Parlavano parlavano, ma io non sentivo nulla di nulla.

I dolori cominciavano a diventare più lancinanti, anche perché i sedativi non facevano più effetto.

Finalmente arrivarono i miei genitori, mi sorrisero per farmi coraggio, notai che alla mia vista tirarono un sospiro di sollievo, poterono sincerarsi che il loro figlio era vivo, ferito, ma vivo.

In seguito mi spiegarono il perché della loro angoscia: nei viali dell'ospedale si era sparsa la voce che avevo perso una gamba ed un occhio.

E' bene precisare che nessuno del mio ufficio, né altri, ebbero il buon senso di avvisare i miei.

Arrivò anche la mia compagna, Enza, la quale appena mi vide scoppiò in un pianto liberatorio: a lei, invece, avevano detto che ero morto.

Un paio di colleghi pensarono bene di portarmi una radio, ma nelle condizioni in cui mi trovavo era forse l'ultima cosa che avrei voluto ricevere in quell'istante, d'altronde non potevano immaginare in che stato ero.

Così iniziarono le mie interminabili notti di insonnia.

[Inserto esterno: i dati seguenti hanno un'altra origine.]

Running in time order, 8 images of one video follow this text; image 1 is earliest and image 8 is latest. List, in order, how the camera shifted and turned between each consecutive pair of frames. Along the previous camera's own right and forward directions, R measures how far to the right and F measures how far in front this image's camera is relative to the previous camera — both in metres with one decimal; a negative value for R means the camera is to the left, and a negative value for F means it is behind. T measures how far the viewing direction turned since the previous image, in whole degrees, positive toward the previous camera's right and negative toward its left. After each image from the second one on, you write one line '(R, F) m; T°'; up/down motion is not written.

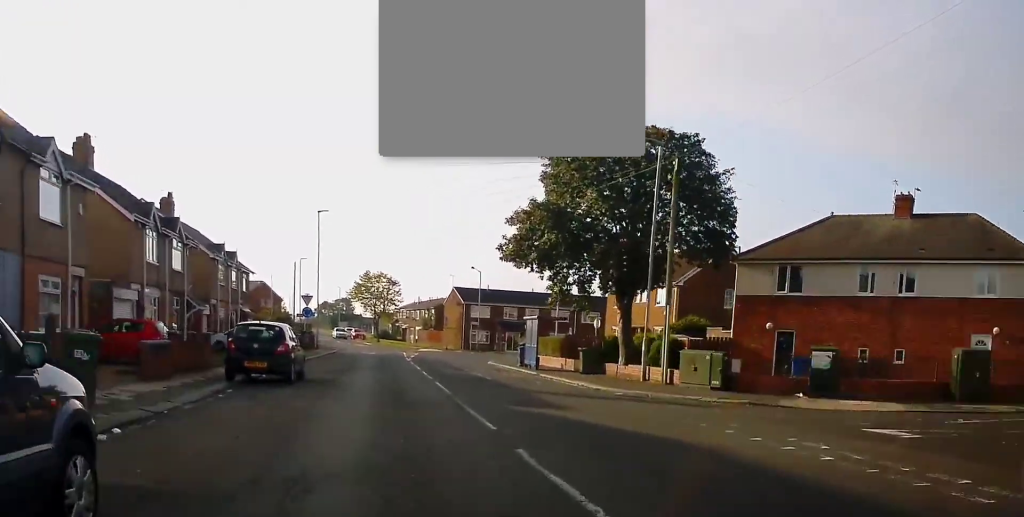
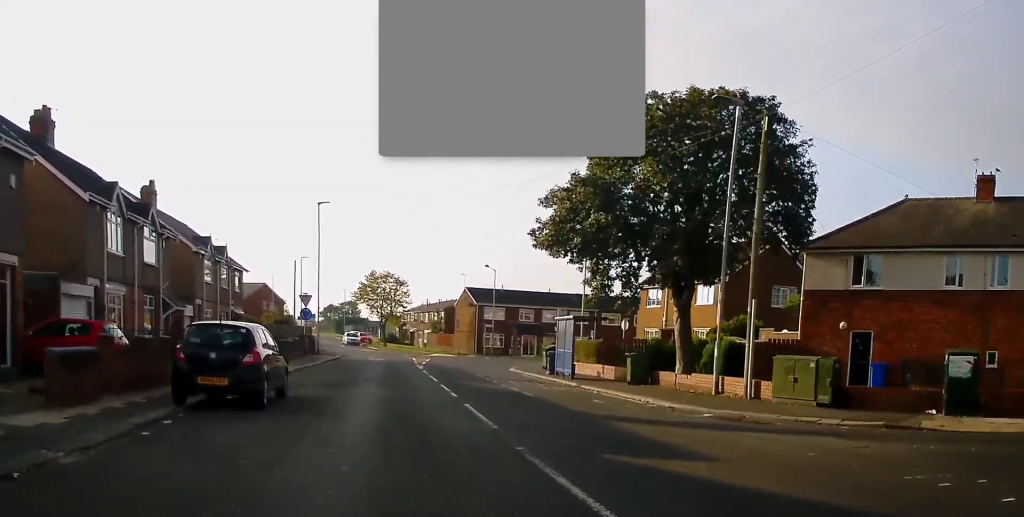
(+0.1, +5.5) m; +1°
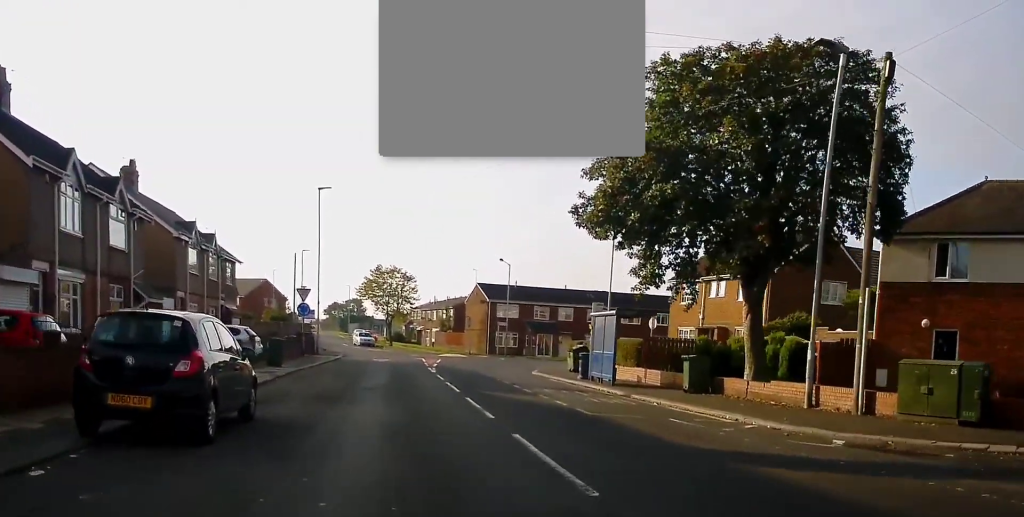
(+0.2, +4.8) m; -1°
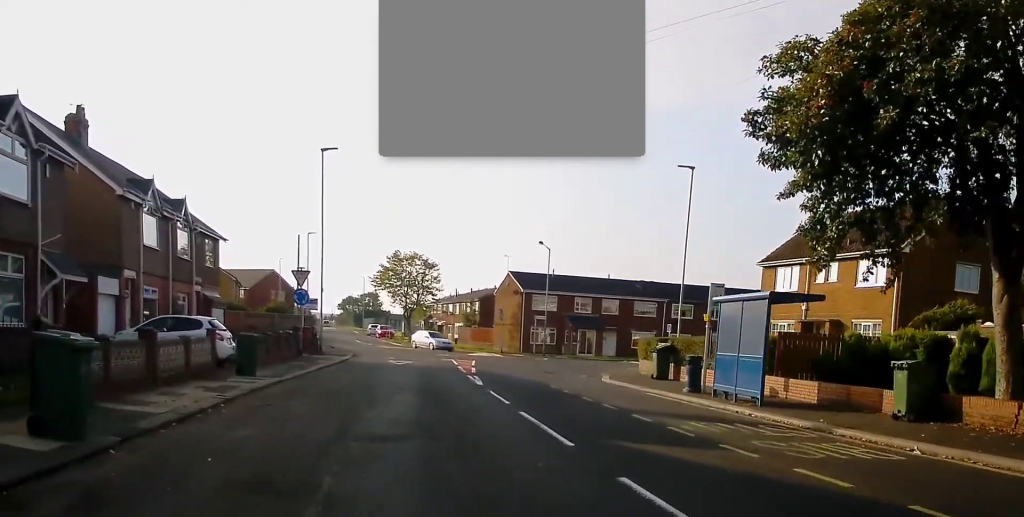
(-0.4, +9.5) m; -4°
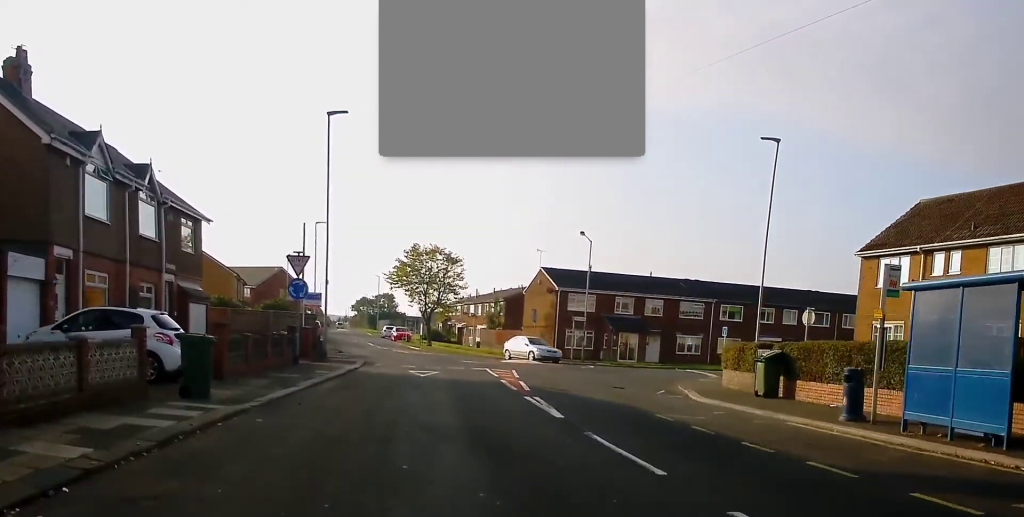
(0.0, +7.4) m; 0°
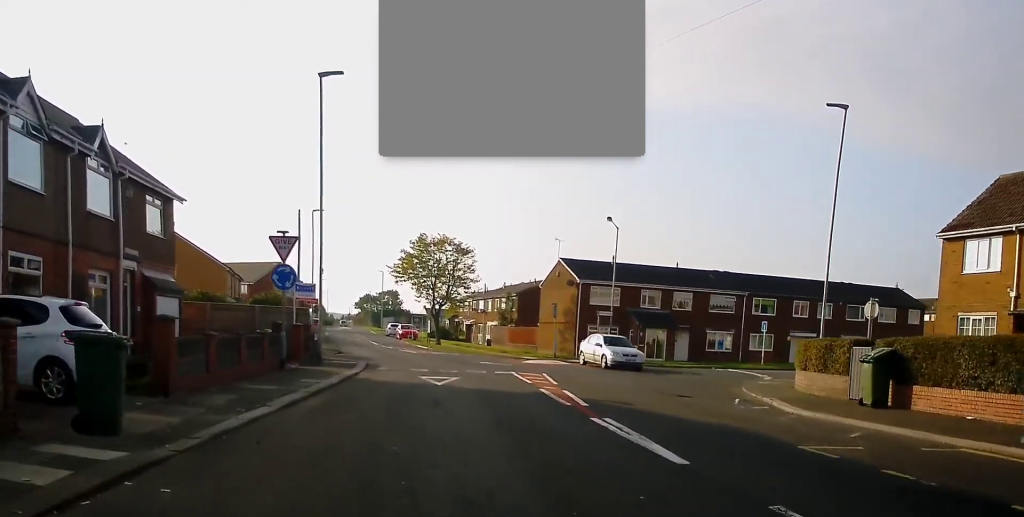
(0.0, +5.2) m; +1°
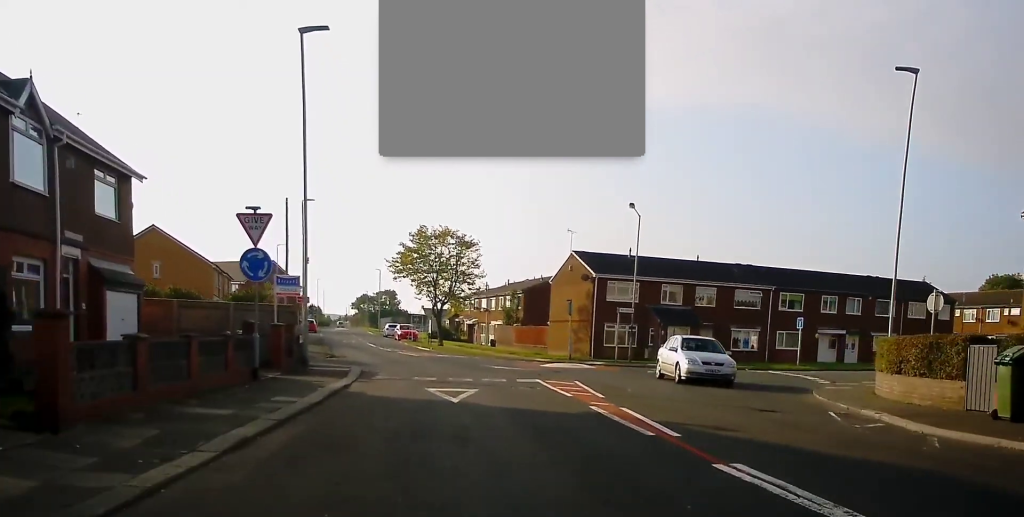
(+0.1, +4.6) m; 0°
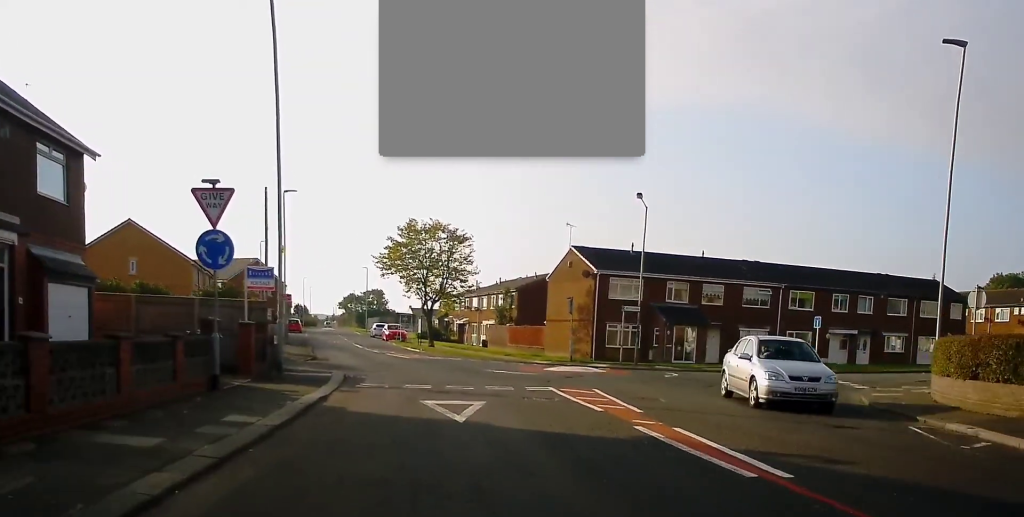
(0.0, +3.2) m; 0°

Poi non so come e perché venne fuori la falsa notizia che avevo visto sfrecciare un vespino un istante prima dell'esplosione, ma non era per niente vero. Infatti dagli atti processuali e dalle dichiarazioni dei pentiti, è stato accertato che i sicari che azionarono il telecomando erano a circa 100 metri distanti dall'autobomba.

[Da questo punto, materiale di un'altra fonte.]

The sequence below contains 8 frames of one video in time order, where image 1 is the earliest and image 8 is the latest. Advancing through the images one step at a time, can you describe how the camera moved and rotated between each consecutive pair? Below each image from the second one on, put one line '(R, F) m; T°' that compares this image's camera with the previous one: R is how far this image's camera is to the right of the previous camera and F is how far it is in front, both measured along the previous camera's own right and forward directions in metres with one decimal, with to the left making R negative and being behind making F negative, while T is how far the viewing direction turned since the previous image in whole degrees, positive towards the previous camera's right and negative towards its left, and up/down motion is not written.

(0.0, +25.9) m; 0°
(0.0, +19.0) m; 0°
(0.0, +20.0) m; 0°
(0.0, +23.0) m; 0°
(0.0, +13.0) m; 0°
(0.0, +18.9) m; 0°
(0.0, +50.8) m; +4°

Quindi dopo questa notizia, divenni, mio malgrado, un potenziale e scomodo testimone, cosicché il Procuratore Pajno penso bene di affidarmi una tutela, stava sempre accanto al mio lettino e mi seguiva in tutti i miei spostamenti.

Nel pomeriggio venne un maresciallo dei carabinieri ad interrogarmi, ma non potevo essergli utile, perché non avevo visto veramente nulla.

Ma nessuno aveva previsto che questa falsa notizia mi provocò un'indescrivibile terrore, ero terrorizzato, perché pensai che a causa di ciò qualcuno sarebbe venuto a tapparmi la bocca.

In quella prima interminabile notte da sopravvissuto mi fecero compagnia mille pensieri e mille angosce, il Consigliere non c'era più, i miei amici spazzati via come fuscelli, così come il povero portiere.

Volevo piangere, ma non ci riuscivo, la tutela che mi faceva compagnia mi guardava senza dire nulla, poi ad un certo punto chiese al medico di guardia se poteva darmi un tranquillante, ma fu inutile.

Il giorno seguente fui operato alla mano ed ancora oggi porto una placchetta di metallo.

Quando fui in grado di alzarmi dal letto, preferii trascorrere il tempo nella stanza dei bambini che erano lì ricoverati. Perché proprio dai bambini? Perché, a differenza degli adulti, non mi guardavano come una bestia rara, né mi chiedevano nulla, né dovevo spiegare loro cosa mi era successo.

Tre o quattro giorni dopo venne a trovarmi il dottore Falcone ed il dottore Ayala. Falcone mi disse che aspettava il mio ritorno, io gli risposi: "ci può contare", ma in cuor mio sapevo che non avrei potuto più scortarlo, infatti fu così!

Avevo tanto desiderato fare quel lavoro e per colpa dell'onorata società i miei sogni sono svaniti il 29 luglio 1983.